A few months ago, however, her email was particularly enthusiastic. A novel by one of Poland’s most celebrated contemporary authors, Olga Tokarczuk, had been translated into English by Jennifer Croft and was being published as Flights by Fitzcarraldo Editions in May of this year. As is often the case with many of the best books I read, something in the tone of her recommendation told me that this novel was special.
I lost no time ordering a copy. When it arrived, my inkling that this was no ordinary book was reinforced by a single endorsement printed on the back of Fitzcarraldo’s trademark minimalist blue cover: Tokarczuk is ‘a magnificent writer’, according to Belarusian Nobel Prize-winner Svetlana Alexievich, whose Chernobyl Prayer astonished me last year.
Flights is a challenging book to review. Woven of many threads tracing different kinds of journeys through space and time – stretching back across several centuries and around the globe – this is a novel that defies attempts to summarise it. Instead of the familiar formula of a central character or small group of characters forging their way through the thickets and over the obstacles an author throws in their path to create a single, loosely coherent journey, this is a vast ensemble piece in which voices appear and disappear and new perspectives surface as late as tens of pages from the end.

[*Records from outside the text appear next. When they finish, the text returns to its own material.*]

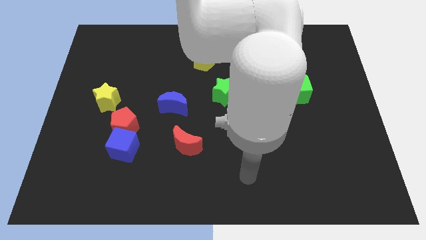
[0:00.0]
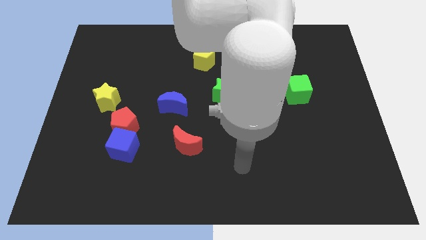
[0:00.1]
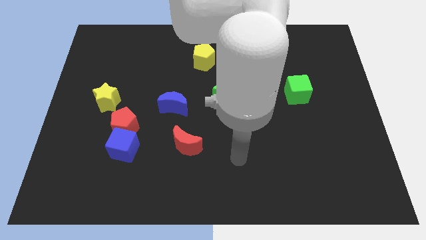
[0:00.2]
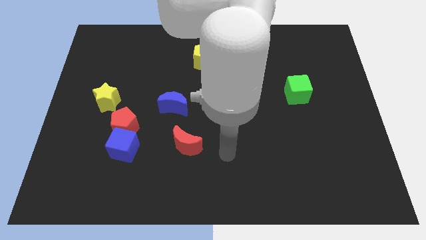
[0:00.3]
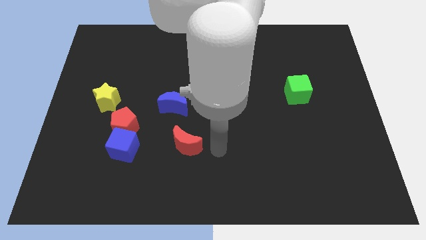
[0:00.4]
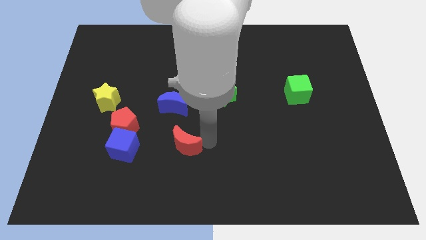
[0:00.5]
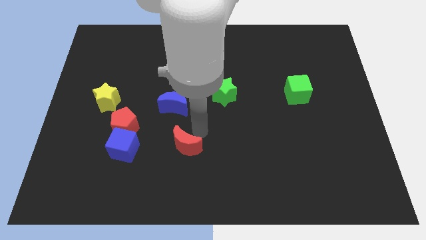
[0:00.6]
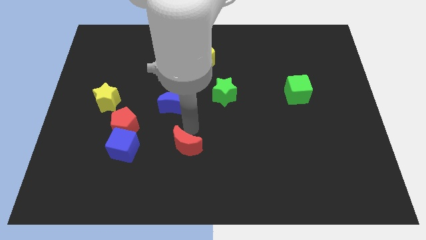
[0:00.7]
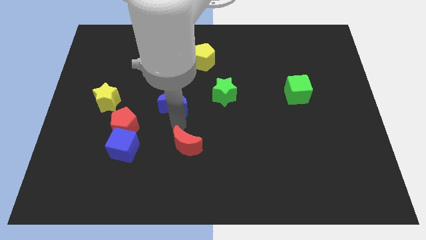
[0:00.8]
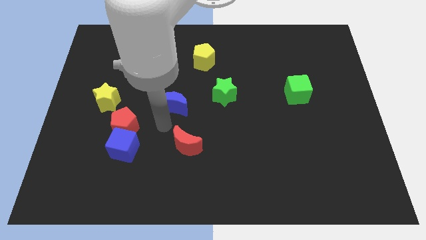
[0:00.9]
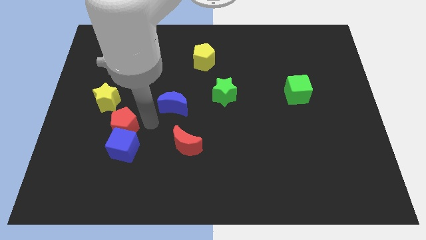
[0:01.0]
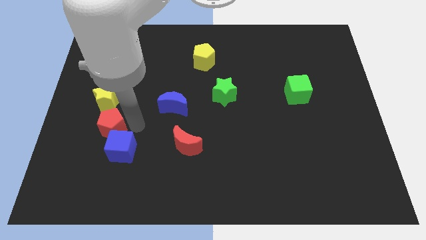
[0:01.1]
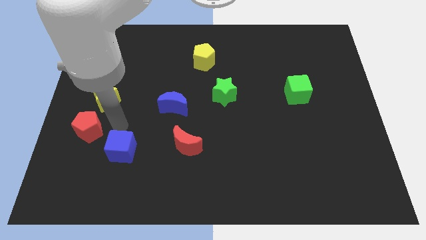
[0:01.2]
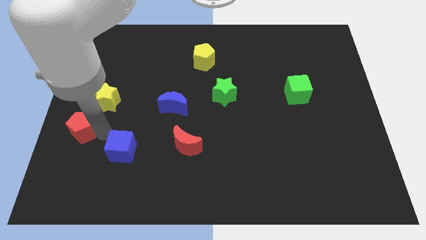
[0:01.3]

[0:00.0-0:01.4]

Rather than characters tying the narrative together, this novel is held together by ideas: reflections on the body, travel, life, death and what it means to move through space. These are expressed through a variety of tropes that crop up repeatedly in the fragmented accounts that, among many other things, portray the story of the Flemish anatomist Philip Verheyen, the journey of Chopin’s heart from Paris to Warsaw and a mother’s abandonment of her chronically ill child to ride the Moscow metro and sleep rough alongside an eccentric homeless woman.
The whole is carried on a current of exquisite writing (credit to Jennifer Croft here), which captures objects and experiences in startlingly fresh ways yet without the showiness that so often attaches itself to works that make heavy use of imagery. Time and again passages such as the description of nightfall on the opening page – ‘Now the dark soaks into my skin. Sounds have curled up inside themselves, withdrawn their snail’s eyes; the orchestra of the world has departed, vanishing into the park – had me reaching for my pencil to scrawl an enthusiastic ‘YES’ in the margin. In particular, the extended description of the death of a distinguished lecturer towards the end of the book is one of the best pieces of writing I have ever seen.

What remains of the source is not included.